Let's do a prediction, just for fun...


In [55]:
print "For this person in the training data:"
display(X_train[0:1])
print "who is apparently an adult male with a cabin who embarked at S..."
print
print "Our model predicts:"
print clf.predict(X_train[0:1])
print "(that he died)"
print
print "And the truth is:"
print y_train[0:1]
print "(he unfortunately did die)"


For this person in the training data:
female C Q S nocabin child youngadult adult olderadult noage
PassengerId
332 0.0 0.0 0.0 1.0 False 0.0 0.0 1.0 0.0 0.0
who is apparently an adult male with a cabin who embarked at S...

Our model predicts:
[0]
(that he died)

And the truth is:
PassengerId
332    0
Name: Survived, dtype: int64
(he unfortunately did die)

Estimate how well we're doing

Now that we have a model, let's see how well it does on the 20% of data we held out earlier.

We'll use accuracy as our metric for "goodness of model" for now: What percent of the rows did our model get right? (As a side note -- accuracy isn't the best measure, but it's very easy to understand.)


In [56]:
from sklearn.metrics import accuracy_score

predictions_on_dev = clf.predict(X_dev)  # Let's run the dev dataset through the predictor function
print accuracy_score(y_dev, predictions_on_dev)


0.787709497207

Woohoo! We're getting about 79% correct!

Remember this is an estimate based on the 20% of the training data that we are calling "dev". The test data available on the Kaggle website is the official test. Their test data includes only the input variables -- the "Survived" column has been redacted. The only way to see how well your model is doing on entirely unseen data is to post a score on Kaggle.

An accuracy of 79% is good, but there's still more improvements to be had -- a very good score is around 82%. How well can you score?

Going further

Some ideas you might want to investigate:

  • Read the documentation about the variables online if you haven't already -- knowing your data always helps.
  • Choose one or more of SibSp, Parch, Fare and include it. Does model performance go up?
  • Vary how variables are bucketed and see how performance is affected.
  • Think about and include some new features based directly on information in your training data. (Maybe information from their names, like presence of "O'" or "ski" -- this could get at the effect of ethnicity on survival? Maybe information derived from their cabin assigment or lack thereof? Something else?)
  • If you create entirely new features (like "is a female with a cheap fare" or "number of family members on board"), does that help performance?
  • If you had to choose just a single variable to build a model on, what would it be? How well would it do?
  • Can you interpret what the current model is doingn into English? What sorts of things does the model indicate are driving survival?

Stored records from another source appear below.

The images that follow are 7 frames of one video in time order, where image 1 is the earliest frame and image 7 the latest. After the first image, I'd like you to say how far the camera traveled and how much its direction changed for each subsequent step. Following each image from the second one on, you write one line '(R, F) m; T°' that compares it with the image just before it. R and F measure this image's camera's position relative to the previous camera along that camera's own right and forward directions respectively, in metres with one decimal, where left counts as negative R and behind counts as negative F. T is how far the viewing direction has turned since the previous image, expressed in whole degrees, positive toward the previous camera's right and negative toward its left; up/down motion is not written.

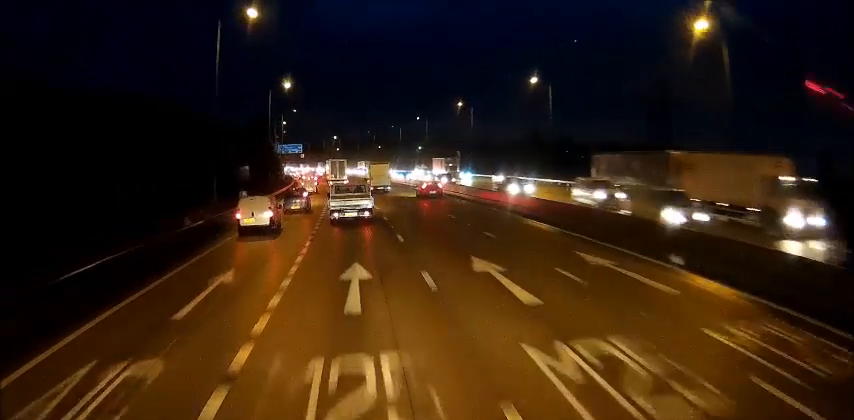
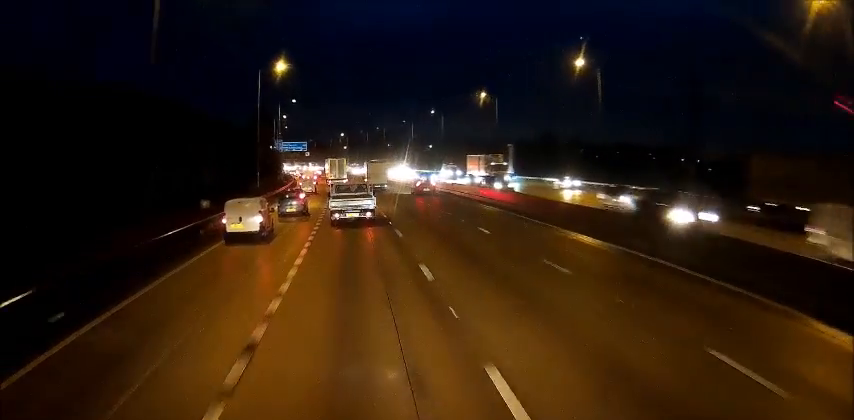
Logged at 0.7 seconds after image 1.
(-0.1, +16.7) m; -1°
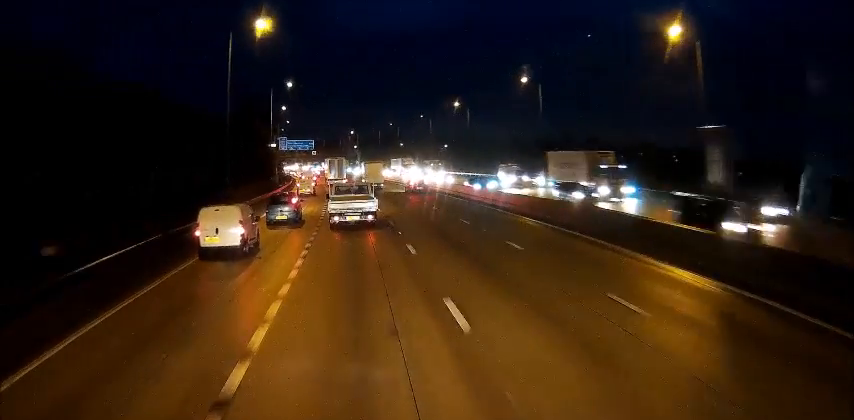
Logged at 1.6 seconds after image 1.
(-0.2, +22.4) m; -1°
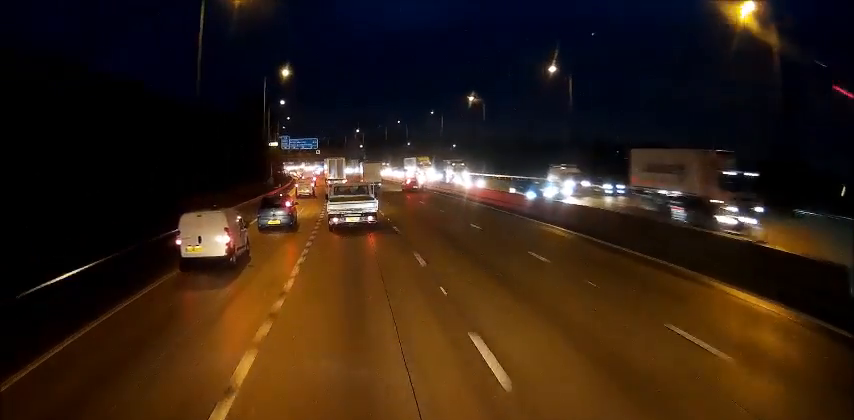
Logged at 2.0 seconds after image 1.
(-0.1, +11.6) m; -1°
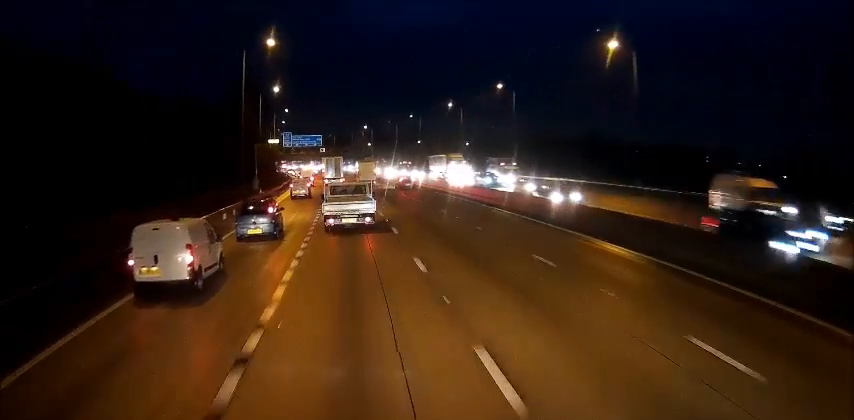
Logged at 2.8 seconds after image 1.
(-0.3, +19.0) m; -1°
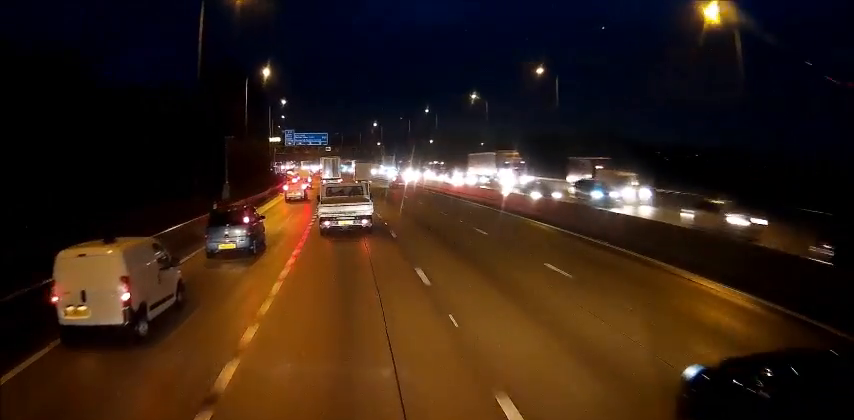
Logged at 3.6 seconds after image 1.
(0.0, +19.6) m; -1°
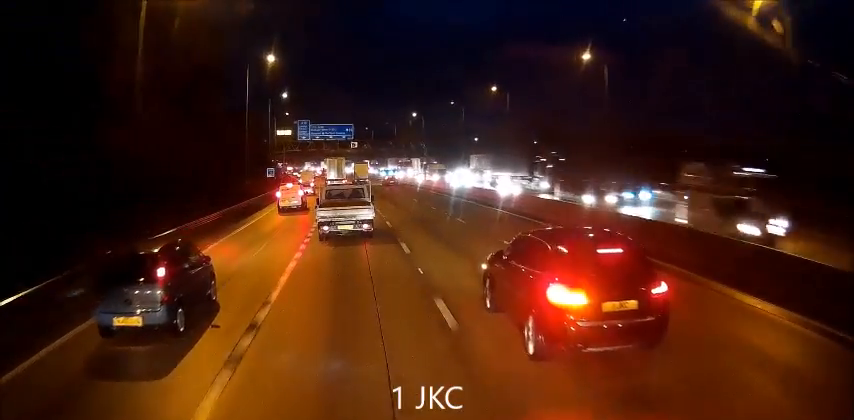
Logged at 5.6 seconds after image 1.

And if you're feeling very bold:

  • Can you figure out any ways to fill in NaN values with reasonable guesses based on the other information we have?
  • Can you write the code that applies the model you learned on the training data to the test data? (This requires reading in a new file, transforming it in exactly the same way as your previous data, and running your trained model against the new data. The output file format that Kaggle wants is a .csv file with two headers: PassengerId and Survived. The file genderclassmodel.csv on their website is in the format they need for submissions.)
  • What does the alpha parameter to the BernoulliNB model do in the docs? Is it helpful to use alpha? (Try googling for the terms in the description alongside the word "Naive Bayes", maybe with a helpful term like "example" thrown in.)
  • Instead of predicting survival, can you predict sex?

In favor of getting you a deep understanding of Naive Bayes, we skipped over some general modeling "musts" that we'll touch on more in the future. These include: (1) don't ever look at your test data, (2) cross-validation is your friend, and (3) there are better scoring metrics than accuracy. Don't worry about these for now -- we will get there. But if you're done with everything else and still thirsting for more, you might also try googing for explanations of these.